▶ _Work required_
Retype all the records below exactly as they are, with no image carried over.

▶ _Information provided_
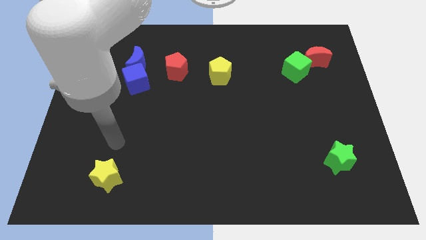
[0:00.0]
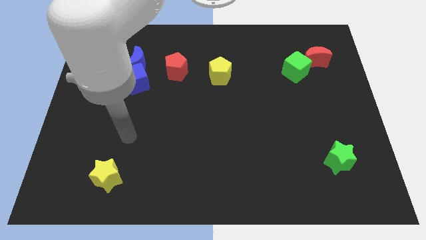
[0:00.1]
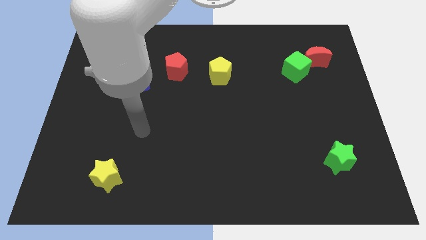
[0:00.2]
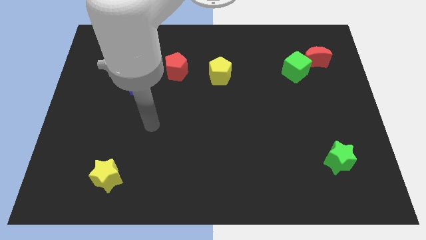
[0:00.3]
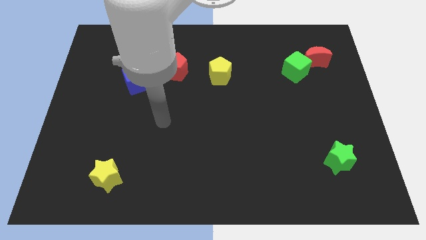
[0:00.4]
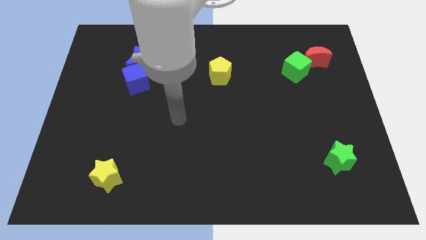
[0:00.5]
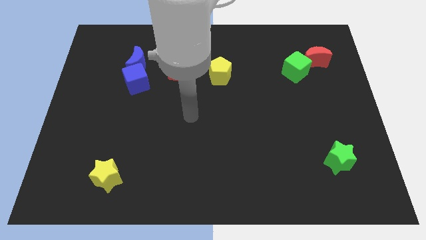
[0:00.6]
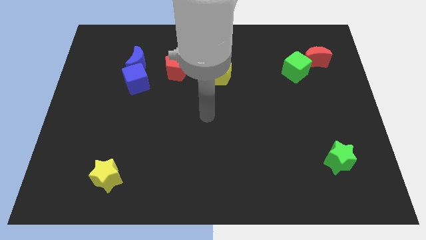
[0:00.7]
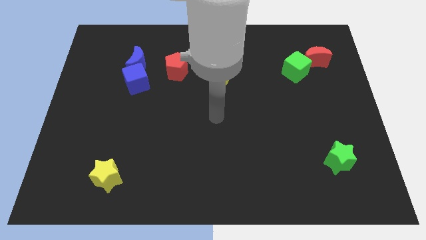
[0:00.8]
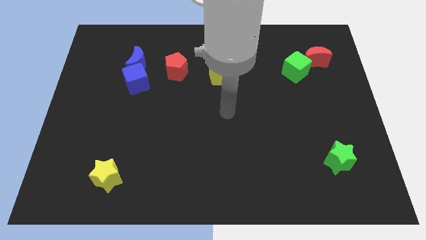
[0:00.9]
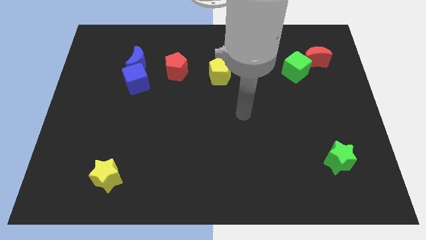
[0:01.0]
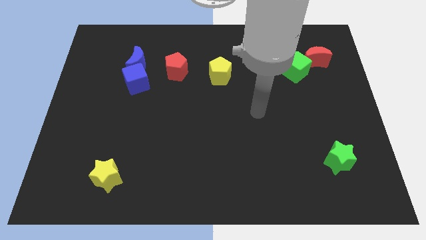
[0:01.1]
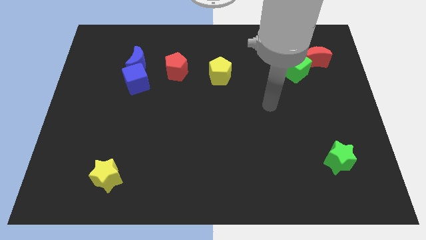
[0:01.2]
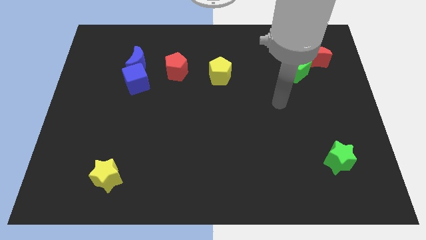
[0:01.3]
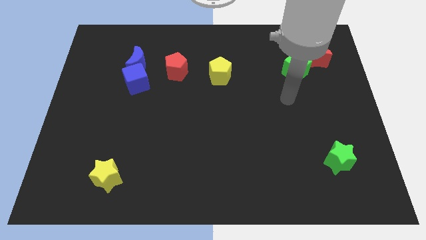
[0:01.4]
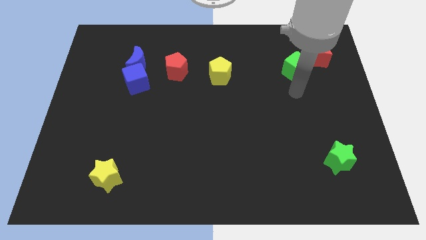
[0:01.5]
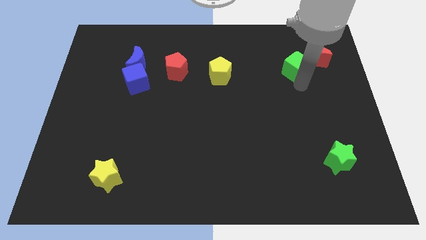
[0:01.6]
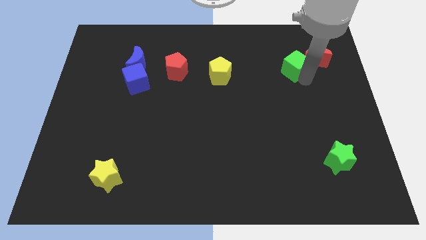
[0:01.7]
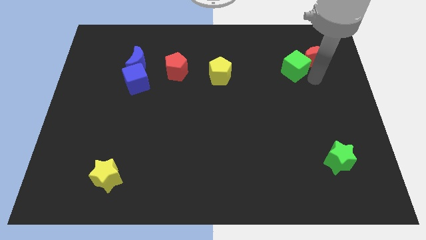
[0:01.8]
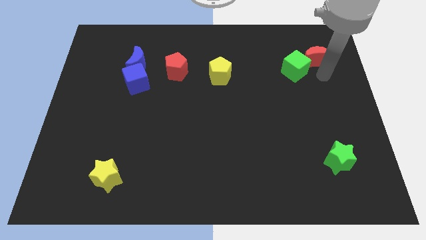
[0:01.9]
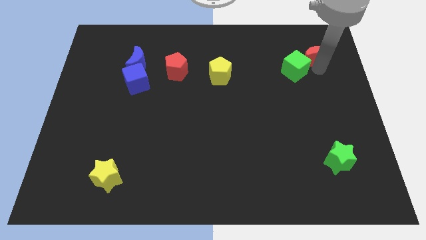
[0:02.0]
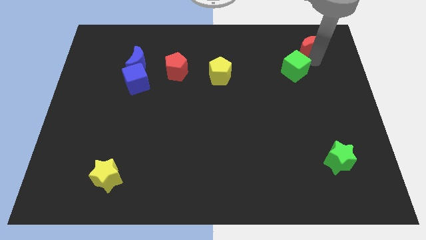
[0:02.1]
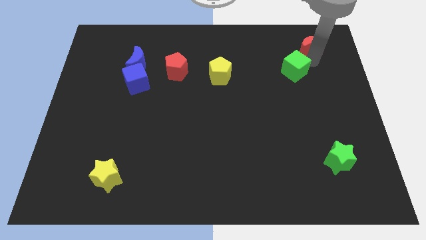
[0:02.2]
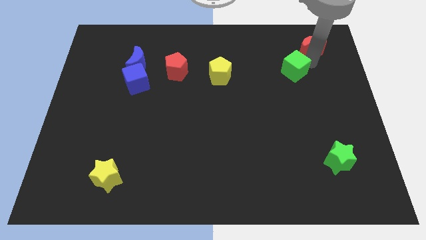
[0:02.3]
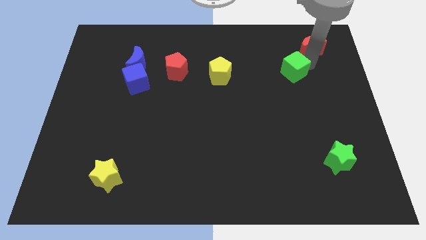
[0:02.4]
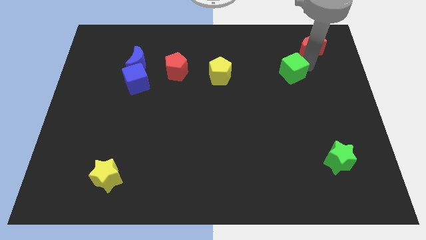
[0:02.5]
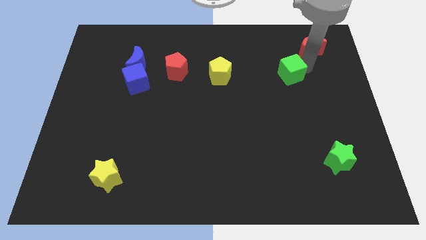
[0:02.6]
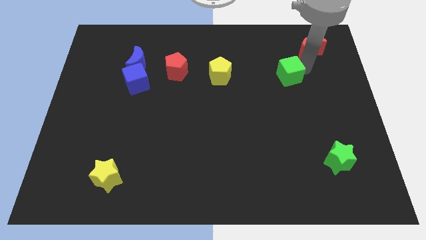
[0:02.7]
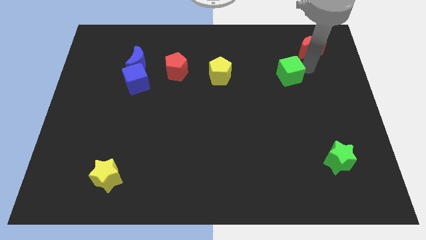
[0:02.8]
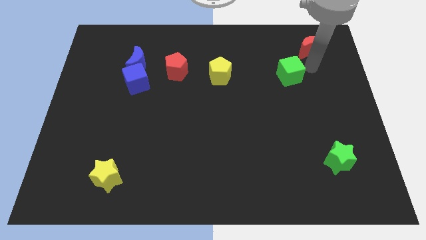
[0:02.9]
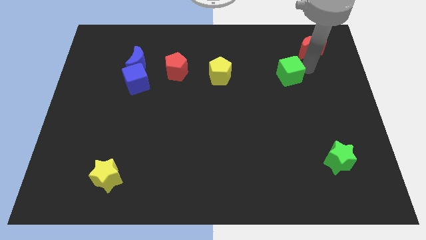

▶ _Result of the exercise_
[0:00.0]
[0:00.1]
[0:00.2]
[0:00.3]
[0:00.4]
[0:00.5]
[0:00.6]
[0:00.7]
[0:00.8]
[0:00.9]
[0:01.0]
[0:01.1]
[0:01.2]
[0:01.3]
[0:01.4]
[0:01.5]
[0:01.6]
[0:01.7]
[0:01.8]
[0:01.9]
[0:02.0]
[0:02.1]
[0:02.2]
[0:02.3]
[0:02.4]
[0:02.5]
[0:02.6]
[0:02.7]
[0:02.8]
[0:02.9]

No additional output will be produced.